The invention is related to the field of electric heaters for the ignition of hydrocarbon fuels and in particular to a glow plug for internal combustion engines having a metallic silicide resistive film heater.
Electrically energized glow plugs are currently used in compression ignited or Diesel type internal combustion engines to assist in the ignition of compressed air/fuel mixtures during cold starts. In particular glow plugs are essential in the Northern states during the winter months when the ambient temperature falls below 10° C.

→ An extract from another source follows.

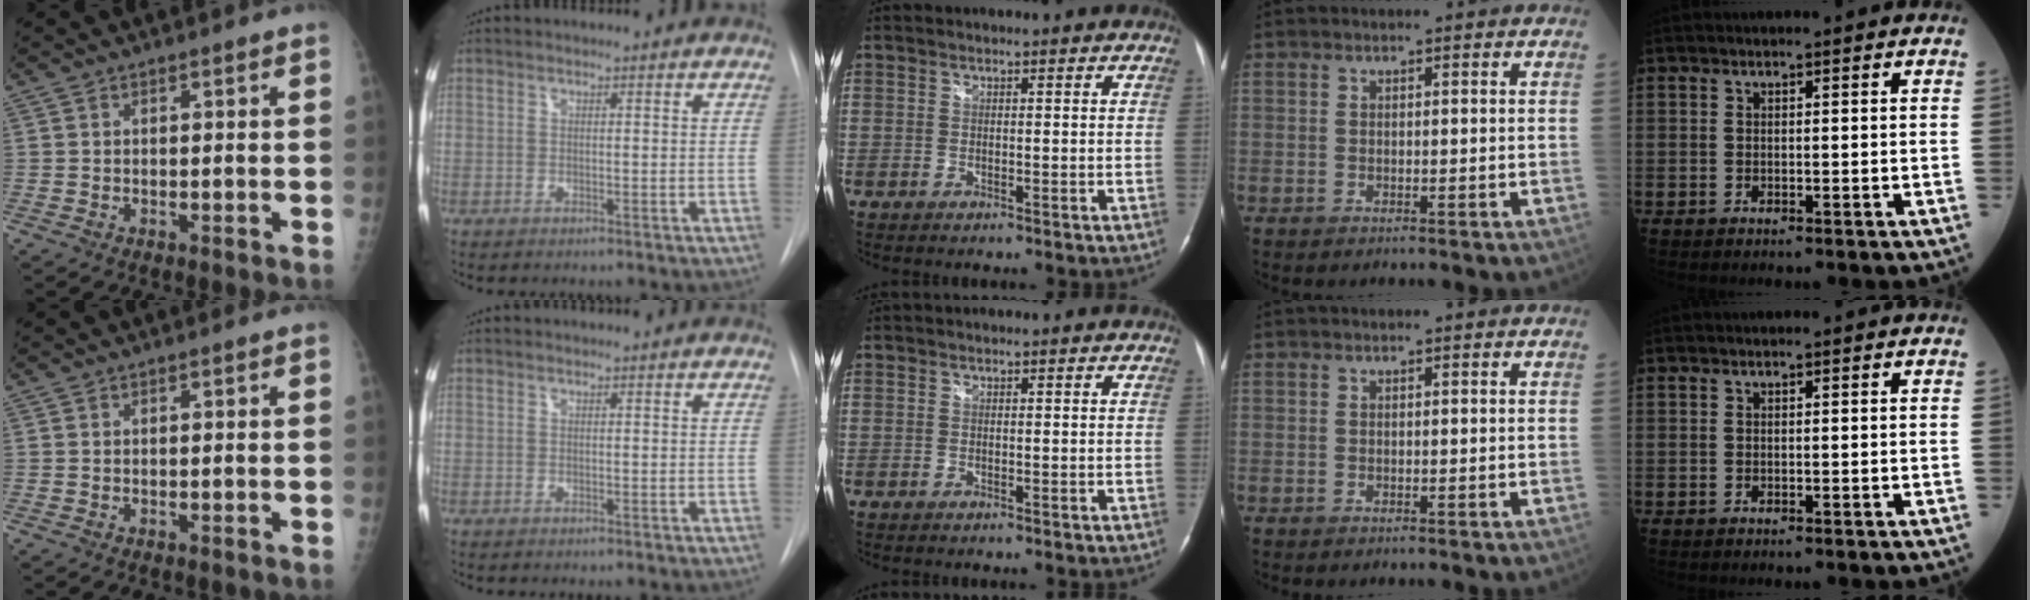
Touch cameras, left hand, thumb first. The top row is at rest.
{}

In commonly assigned U.S. Pat. Ser. No. 4,582,981 identified above entitled "An Improved Glow Plug Having A Resistive Surface Film Heater" filed June 23, 1983, a novel heater configuration was disclosed in which a noble metal resistive film was disposed along the external and internal surfaces of a cylindrical ceramic substrate. Although this type of glow plug has excellent performance characteristics which are superior to glow plugs currently used in automotive vehicles, difficulties have been experienced in the deposition of satisfactory noble metal resistive films due to micro-irregularities on the surfaces of the ceramic substrate and the thinness of the noble metal films required to achieve the desired resistivity. The object of the invention is the substitution of a metallic-silicide film for the noble metal film which because of the higher resistivity of the metallic silicides permits the use of thicker resistive films which are less sensitive to the micro-irregularities of the ceramic structure, have a higher melting temperature which permits the glow plug to be operated at higher temperatures, and have a larger positive coefficient of resistance potentially making the glow plug self-limiting reducing the requirements of the attendant controller.

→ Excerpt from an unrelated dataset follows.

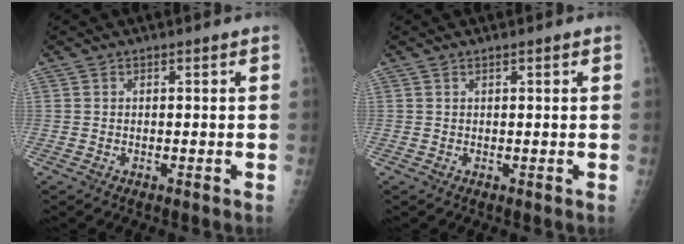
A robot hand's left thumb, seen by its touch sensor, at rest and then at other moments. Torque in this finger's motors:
{"motor_torque": [-0.15, -0.12, -0.10, -0.01, -0.04]}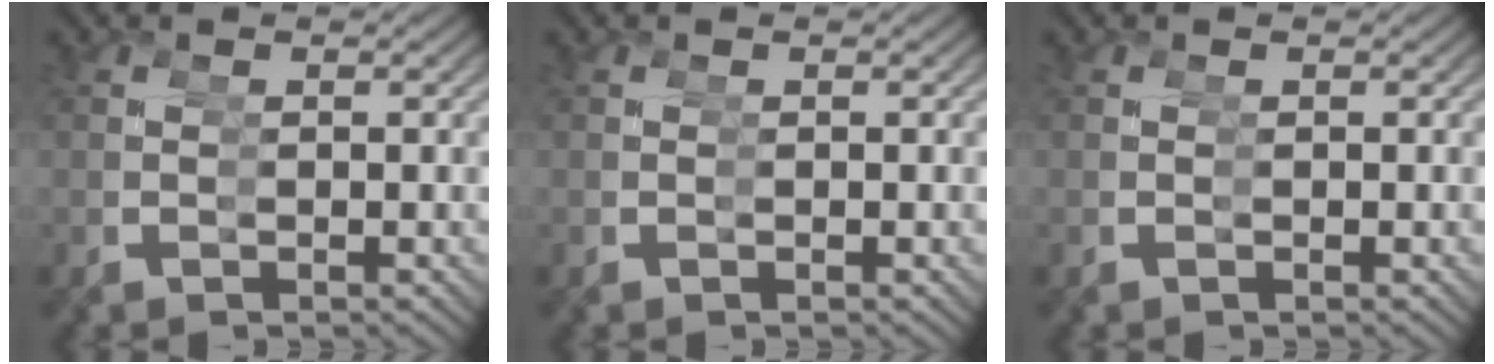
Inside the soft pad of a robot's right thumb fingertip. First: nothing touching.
{"total": 0.0}
{"total": 0.0}

The use of metallic-silicides for heater elements is well-known in the art. The Kanthal Corporation of Bethel, Connecticut makes a variety of heater elements using metal silicides as the resistive element. These heater elements take the form of a metallic silicide as were disclosed by Giler in U.S. Pat. No. 3,912,905 or a layer of metallic-silicide formed over an insulating or ceramic layer disposed over a metal wire for structural strength as disclosed by Willson in U.S. Pat. No. 3,810,734. Suzuki et al, in U.S. Pat. No. 4,437,440 discloses a glow plug having a tubular molybdenum disilicide (MoSi2) element in which electrical contact is made between the shell and an axial electrode contacting the closed end of the tubular heating element.
The invention is a glow plug for internal combustion engines of the type having a metal shell, and an axial electrode disposed in the metal shell and electrically insulated therefrom, a heater member electrically connected between the metal shell and the axial electrode characterized by a cylindrical substrate and a continuous metallic-silicide resistive layer disposed on the surfaces of the cylindrical substrate. The substrate has an internal portion disposed in the shell and captivated between one end of the shell and the axial electrode, and an external portion protruding external to the shell. The metallic-silicide resistive layer is disposed along the internal and external surfaces of the cylindrical substrate and around the end of said external portion. The portion of the resistive layer disposed on the external surface of the substrate being in electrical contact with the metal shell and the portion of the resistive layer disposed on the internal surface being in electrical contact with the axial electrode.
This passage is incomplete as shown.